Alguns anos depois a tal época mágica se passou. Me formei do ensino médio, meus pais se divorciaram de forma pouco pacífica. Minha mãe, que deveria morar comigo, voltou para sua cidade natal e não aceitava deixar meu pai voltar para casa e me deixou morando sozinho. Não pude estudar fora do Brasil como queria e planejava por várias complicações econômicas envolvendo minha família. Entrei em uma depressão profunda e precisei de assistência psicológica. E, por conta de várias pressões vindo de meu pai, fui contra a minha vontade estudar direito. Meu pensamento nessa época era que eu precisava ganhar dinheiro para poder sustentar minhas irmãs e eventualmente meu pai. Tinha aceitado que a vida não seria o que eu queria que ela fosse e que a realidade era assim mesmo. Nunca gostei de direito, mas dava dinheiro, e era disso que precisava, então joguei meus sonhos e aspirações no lixo para fazer o que eu acreditava ser necessário. Entrei no curso de direito da PUC e, para a surpresa de nenhum dos envolvidos, odiei. Em minha memória, estes meses que passei cursando direito são quase como um sonho. Minha cabeça não estava 100% presente no momento em quase nenhuma hora. E apesar de tirar notas decentes, não lembro de quase nada do que me foi dado nesta época.

Faye assistindo fitas antigas de seu passado

Foi então que, em meio a uma pequena crise nostálgica em relação a um passado que já parecia distante, decidi rever algumas das séries que gostava quando era mais novo, e entre elas, estava Cowboy Bebop.

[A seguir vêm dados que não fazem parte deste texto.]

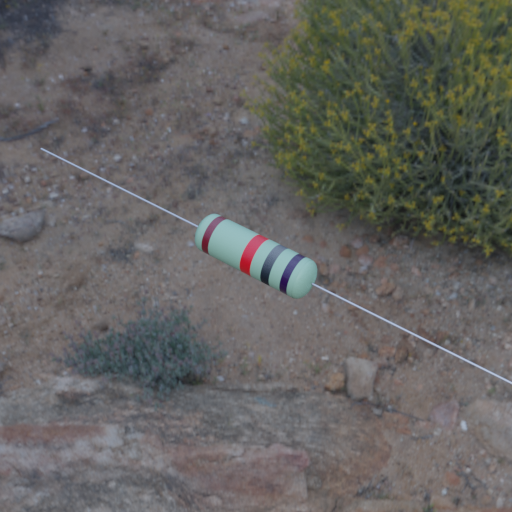
Resistor colour bands (in order): brown, red, black, black
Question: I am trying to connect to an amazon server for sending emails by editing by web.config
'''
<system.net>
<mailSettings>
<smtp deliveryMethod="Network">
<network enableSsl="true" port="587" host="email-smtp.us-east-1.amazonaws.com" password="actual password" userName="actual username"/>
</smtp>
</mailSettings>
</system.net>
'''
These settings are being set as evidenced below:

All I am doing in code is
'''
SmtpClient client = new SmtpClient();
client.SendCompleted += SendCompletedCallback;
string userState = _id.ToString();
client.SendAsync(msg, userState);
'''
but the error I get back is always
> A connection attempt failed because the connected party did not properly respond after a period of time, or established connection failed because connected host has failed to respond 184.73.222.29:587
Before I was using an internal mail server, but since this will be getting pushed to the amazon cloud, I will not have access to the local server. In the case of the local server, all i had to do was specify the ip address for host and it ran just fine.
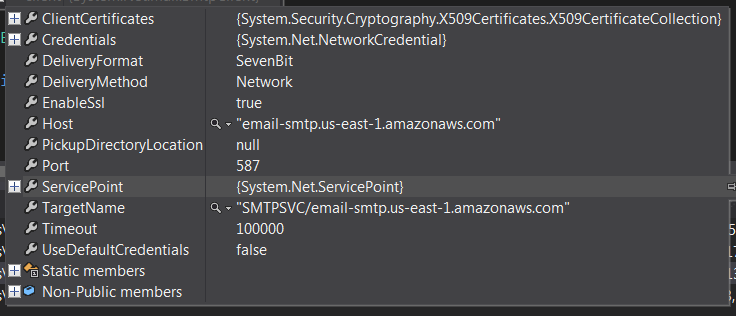
Answer: There were three issues at hand:
1: The email address it was being sent from was not verified with Amazon, and neither was the recipient (verification of recipient only needed in sandbox mode)
2: The out port I was using, 587, is blocked by my company, which seems to be common practice
3: Using async can only be done when you specify the page uses async in the aspx "header"
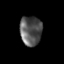
Tissue: prostate
Cell type: T cells
Senescence score: 0.2877
Nuclear area (px): 622
Mean DAPI intensity: 88.693
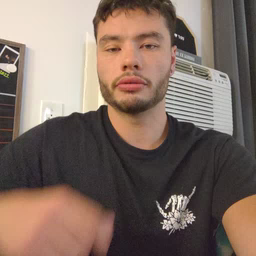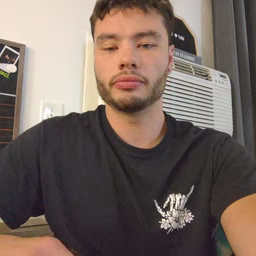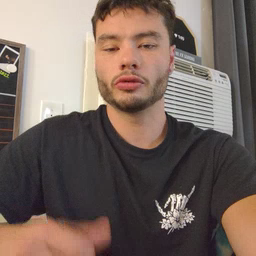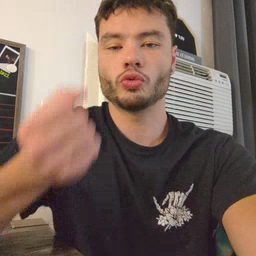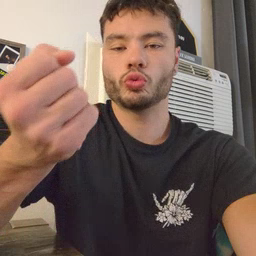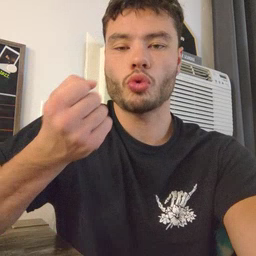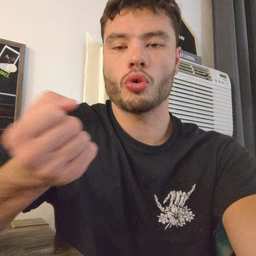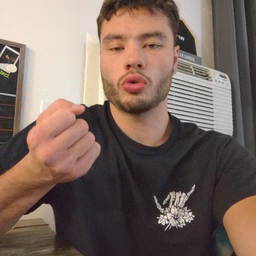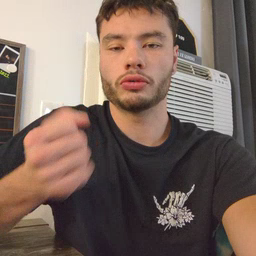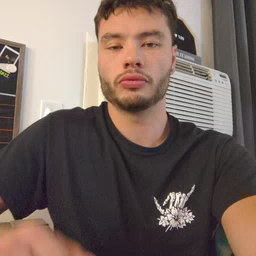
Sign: drawer
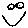
Label: smiley face
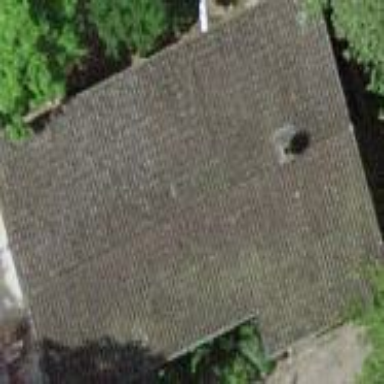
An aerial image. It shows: Kindergarten building.
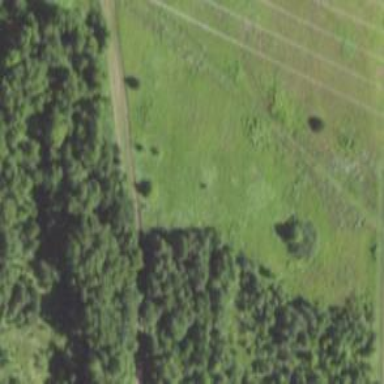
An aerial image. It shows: Bridleway.
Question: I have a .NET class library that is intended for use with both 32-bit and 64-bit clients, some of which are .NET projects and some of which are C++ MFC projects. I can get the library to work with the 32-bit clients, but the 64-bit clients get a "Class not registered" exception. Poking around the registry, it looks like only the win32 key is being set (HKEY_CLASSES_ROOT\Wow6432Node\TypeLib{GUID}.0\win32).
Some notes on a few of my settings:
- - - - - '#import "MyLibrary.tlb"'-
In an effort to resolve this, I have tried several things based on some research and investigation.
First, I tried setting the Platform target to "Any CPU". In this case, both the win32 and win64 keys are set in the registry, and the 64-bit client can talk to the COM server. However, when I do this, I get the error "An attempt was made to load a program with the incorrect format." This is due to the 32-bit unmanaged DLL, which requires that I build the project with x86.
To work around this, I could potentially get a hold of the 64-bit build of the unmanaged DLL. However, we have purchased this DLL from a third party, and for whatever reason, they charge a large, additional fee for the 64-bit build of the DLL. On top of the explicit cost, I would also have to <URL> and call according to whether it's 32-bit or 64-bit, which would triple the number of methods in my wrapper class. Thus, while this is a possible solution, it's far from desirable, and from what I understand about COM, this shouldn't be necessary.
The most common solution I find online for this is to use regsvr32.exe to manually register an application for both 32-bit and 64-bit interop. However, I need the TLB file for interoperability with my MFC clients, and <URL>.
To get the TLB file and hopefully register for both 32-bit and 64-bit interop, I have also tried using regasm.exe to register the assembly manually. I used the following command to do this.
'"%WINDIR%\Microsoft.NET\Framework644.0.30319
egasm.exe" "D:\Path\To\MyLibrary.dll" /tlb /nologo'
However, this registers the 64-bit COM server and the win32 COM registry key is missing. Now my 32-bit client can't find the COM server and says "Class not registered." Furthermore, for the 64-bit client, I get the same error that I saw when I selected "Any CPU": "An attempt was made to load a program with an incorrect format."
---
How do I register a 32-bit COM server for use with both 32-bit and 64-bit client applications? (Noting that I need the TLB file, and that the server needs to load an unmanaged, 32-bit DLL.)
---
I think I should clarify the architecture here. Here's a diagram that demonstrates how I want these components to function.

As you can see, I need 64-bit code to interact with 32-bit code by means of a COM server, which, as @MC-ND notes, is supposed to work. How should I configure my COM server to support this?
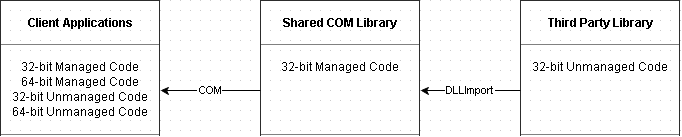
Answer: From <URL>
> On 64-bit Windows, a 64-bit process cannot load a 32-bit dynamic-link
library (DLL). Additionally, a 32-bit process cannot load a 64-bit DLL
Your best option seems to compile your component as a 32bit out of process COM server.
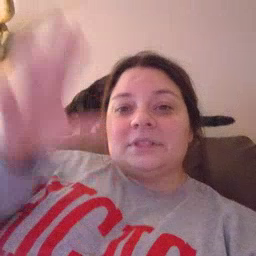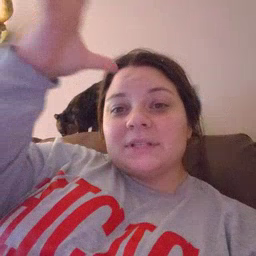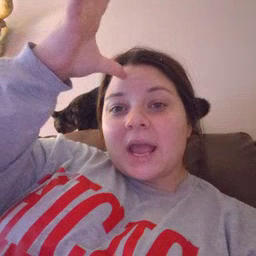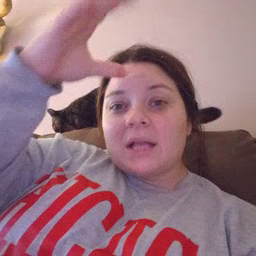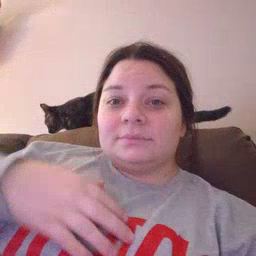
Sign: dad
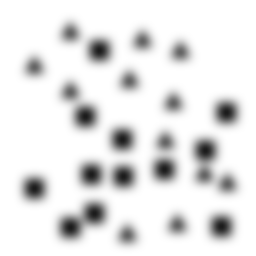
Squares: 12
Triangles: 12
Stars: 0
Total shapes: 24

E desta vez finalmente vi tudo aquilo que não tinha percebido na primeira vez em que eu vi. Parecia uma série completamente diferente, e eu mal reconhecia alguns dos personagens. Mas foi a relação em comum que todos tinham com o passado que me pegou. Estava me vendo nos personagens; não necessariamente como eu era, mas como eu poderia ser. Foi então que percebi qual a verdadeira mensagem de Cowboy Bebop: É um fato que não podemos mudar o passado. Porém se focarmos somente nas consequências que o passado tem no presente, nós esquecemos das consequências que as nossas ações no presente podem ter no futuro.

Depois disso, decidi viver minha vida para o presente. Eventualmente saí da PUC e decidir cursar animação, algo que nunca tinha nem cogitado logicamente fazer da vida pelo simples motivo de não ser uma area que é exatamente lucrativa, e segui neste caminho puramente por ele me trazer felicidade. Além disso, quero algum dia produzir algo que tenha o mesmo impacto nas pessoas que Cowboy Bebop teve em mim, e quem sabe até ajudar alguém a se encontrar na vida como ajudou a mim. Desde então, olho para o passado sem arrependimentos, para o presente com satisfação, e para o futuro com esperança.